In julia we have two typical ways to concatenate arrays,

  • [] cat syntax. This is used most frequently due to its simplicity
  • array initialization: out = Array{...}(undef, ...); ... This has the least overhead but it's often too verbose to write it

Let's first give the conclusion and the to-do task list:

Conclusions:

  • [] syntax is always slower than the array init method.

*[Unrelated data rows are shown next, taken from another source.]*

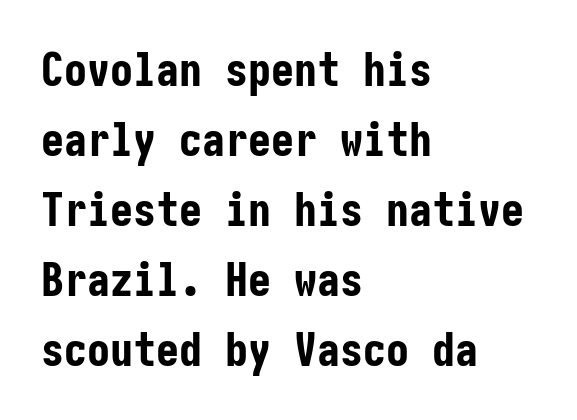
{"serif": "no", "italic": "no", "bold": "yes", "weight": "bold", "width": "condensed", "stroke_contrast": "low", "x_height": "medium", "underline": "no", "align": "left", "line_spacing": "normal", "line_spacing_ratio": 1.52, "letter_spacing": "normal", "letter_spacing_em": 0.0, "glyph_px": 46}
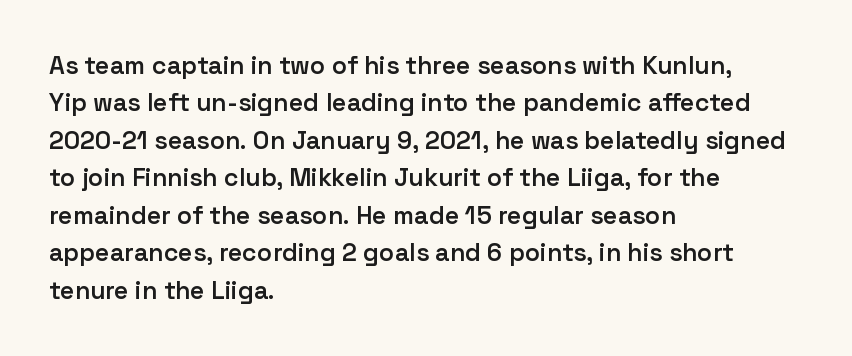
Standard letterfit; no display-style spreading of the glyphs. A bare baseline throughout the passage. Baseline-to-baseline distance is the conventional proportion of letter height. The axis of the letterforms is exactly vertical. The passage shown is semibold, sitting just below true bold. The lines are quadded left.
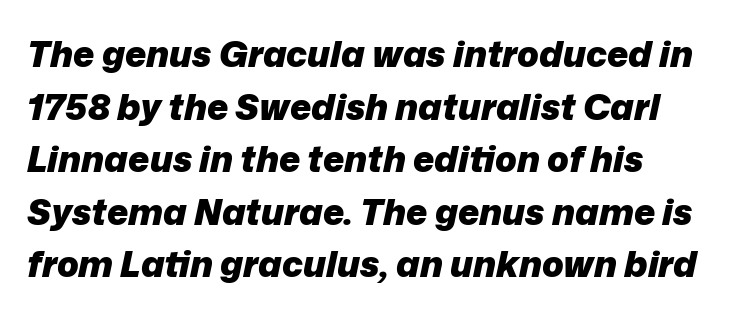
{"italic": "yes", "lean": "right", "slant_degrees": 12, "bold": "yes", "weight": "heavy", "width": "normal", "stroke_contrast": "low", "x_height": "medium", "monospaced": "no", "underline": "no", "line_spacing": "normal", "line_spacing_ratio": 1.46, "letter_spacing": "normal", "letter_spacing_em": 0.0, "glyph_px": 36}

And [x x; y y] matrix concatenation is too slow to be acceptable.
  • Type piracy in SparseArrays affected the performance badly since Julia 1.10
  • Julia 1.11 and 1.12 have brought a significant performance boost 🎉 🚀

Todo:

  • the performance gap between [x x; y y] and array init method should be narrowed. (especially for Julia 1.12)
  • We need to eliminate the performance regression brought by using SparseArrays

Because BenchmarkTools depends on SparseArrays (indirectly) in some Julia versions, I use the following script to run the benchmark:

function many_loop(f, n)
    for i in 1:n
        f()
    end
end

f1_row(x, y) = hcat(x, y, x, y)
function f2_row(x, y)
    c = Matrix{Float64}(undef, 1, 4)
    @inbounds begin
        c[1] = x
        c[2] = y
        c[3] = x
        c[4] = y
    end
    return c
end

f1_col(x, y) = vcat(x, y, x, y)
function f2_col(x, y)
    c = Matrix{Float64}(undef, 4, 1)
    @inbounds begin
        c[1] = x
        c[2] = y
        c[3] = x
        c[4] = y
    end
    return c
end

f1_mat(x, y) = hvcat((2, 2), x, y, x, y)
function f2_mat(x, y)
    c = Matrix{Float64}(undef, 2, 2)
    @inbounds begin
        c[1] = x
        c[2] = x
        c[3] = y
        c[4] = y
    end
    return c
end


@assert vec(f1_row(0.3, 0.4)) == vec(f2_row(0.3, 0.4))
@assert vec(f1_col(0.3, 0.4)) == vec(f2_col(0.3, 0.4))
@assert f1_mat(0.3, 0.4) == f2_mat(0.3, 0.4)
many_loop(()->f1_row(0.3, 0.4), 1000000)

function f()
    x, y = rand(), rand()

    @info "row concatenation"
    @time many_loop(()->f1_row(x, y), 1000000)
    @time many_loop(()->f2_row(x, y), 1000000)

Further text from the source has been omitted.